Nos equivocamos; el virus saltó fronteras y océanos para convertirse en una pandemia. Con los primeros casos sonaron las alarmas. Del virus solo conocíamos el nombre, del resto nada, incluyendo por igual a ciudadanos y gobernantes, salvo que había un contagio masivo, al parecer directo, y con plena conciencia del riesgo que corríamos acudimos a manifestaciones, congresos, conciertos, reuniones y cualesquiera otros lugares masificados, esforzándonos por salir en la foto demostrativa de que estábamos allí; los rumores de restricciones al movimiento levantaron oleadas de protesta de falleros, porteadores de la Semana Santa, padres ocupados que no sabían qué hacer con los hijos, comerciantes que veían menoscabadas sus expectativas, una exageración cuando el problema sería cosa de días pasando antes de que nos diéramos cuenta.

El coronavirus llegó y se quedó entre nosotros marcando sus niveles de contagio, sus consecuencias y sus tiempos. El Gobierno reaccionó imponiendo la drástica medida del confinamiento en nuestras casas e iniciando un proceso adaptativo de los centros sanitarios a las nuevas circunstancias. El material era otra cosa, dependiendo de las fábricas cuyo ritmo de producción era el normal en las normales circunstancias y sobrepasados por las que determinaba un poderoso incremento de las necesidades que excediendo las posibilidades de cualquier Estado supuso una demanda masiva a los países que nos lo pudieran facilitar.

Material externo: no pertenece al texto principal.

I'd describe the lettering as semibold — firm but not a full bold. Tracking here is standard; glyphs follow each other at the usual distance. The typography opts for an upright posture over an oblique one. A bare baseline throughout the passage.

Por nuestra parte, invadimos los supermercados, vacíamos las estanterías, quien pudo hacer acopio de productos de primera necesidad llenó la despensa sin pensar en quienes solo pueden permitirse comprar día a día, tal vez para una semana.

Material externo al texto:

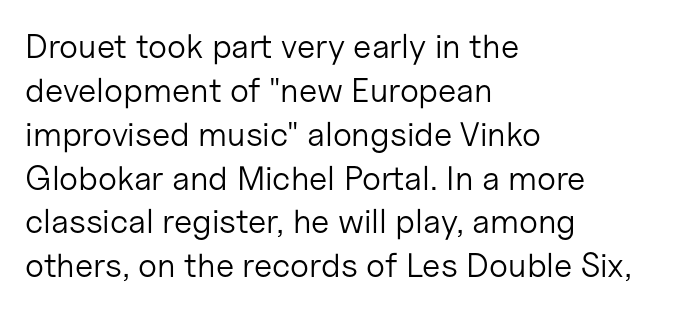
The image shows 34 px light sans-serif type, upright; set left-aligned, normal line spacing (1.29x), normal letter spacing, not underlined; low stroke contrast and a medium x-height.

En ninguna cabeza sana cabe la creencia de que ante una pandemia de esta envergadura los Gobiernos, de uno u otro color, no se hayan esforzado en adoptar las medidas consideradas oportunas para atajarlo. Recordemos que las competencias en materia de Sanidad están transferidas y la responsabilidad más directa e inmediata de su gestión les corresponde a ellas y no al Gobierno de la Nación española. Con los aires que se gastan los populares y los de Vox tendrían que decir que ellos acudieron a la manifestación del 8-M; que en Madrid y Andalucía, donde mandan ellos, o se ha gestionado peor la pandemia que en Valencia, donde gobierna un socialista, o que García Page, siempre tan crítico con Sánchez, se las ha arreglado por su cuenta. Sería una injusticia, una barbaridad, porque no es cierto.

Pero que tampoco critiquen a esos políticos que, a veces con el rostro demudado por las tragedias personales, han tomado las riendas, han informando puntualmente de la evolución de la enfermedad y de los criterios de proporcionalidad mantenidos en la adopción de medidas preventivas o curativas. Mucho antes que otros países, con el elogio de instituciones europeas, con cifras ciertas y explicaciones fidedignas sin la menor omisión de los aciertos u errores cometidos.

El gobierno central no es de otros ni de otra galaxia; es el nuestro y esta aquí enfrentándose a un problema que a todos afecta y clama por la entrega y solidaridad. Ese momento en que saca lo mejor de nosotros mismos y se ha demostrado en la inmensa mayoría de ciudanos.

Pero no todos. Los hay roídos por otros virus que han hecho de esta desgracia su vomitorio para sacar rentabilidad política criticando las medidas adoptadas sin haber ofrecido nunca ni ideas ni alternativas. Los que aprovechando el estado de las cosas se explayan en las redes sociales vomitando su odio a los independentistas, comunistas, extranjeros que reciben asistencia sanitaria, claman por reformas estructurales impensables... nada que ver con el problema que nos acecha. Todo está mal, todos se equivocan, todo ha de cambiarse...

No queremos más penas que las que tenemos. Se ha hecho lo que se ha podido, cuando se ha podido y de la mejor forma posible. Me consta que se han aceptado iniciativas privadas para atajar el daño, que el diálogo imposible ha encontrado por fin las palabras del entendimiento y que la mayoría de la gente está dándo todo lo que puede para ayudar al anciano, al vecino, al amigo, a cualquiera del que solo un mes atrás no conocían ni el nombre. Luchamos contra un enemigo camuflado, difícil de descubrir, con la confianza en que nuestra fuerza y perseverancia será más duradera que la suya propia. Esto no es una guerra, sino una desgracia,y si después de cualquier conflicto bélico nos hemos reconstruido es indudable que saldremos de cualquier tipo de menoscabo económico que reporte la enfermedad. Guardemos las palabras para el consuelo a quien tanto lo necesita y para dar ánimos a quienes velan sin descanso por nuestra salud. Algo se ha hecho bien; incluso muy bien. Cuidaos mucho.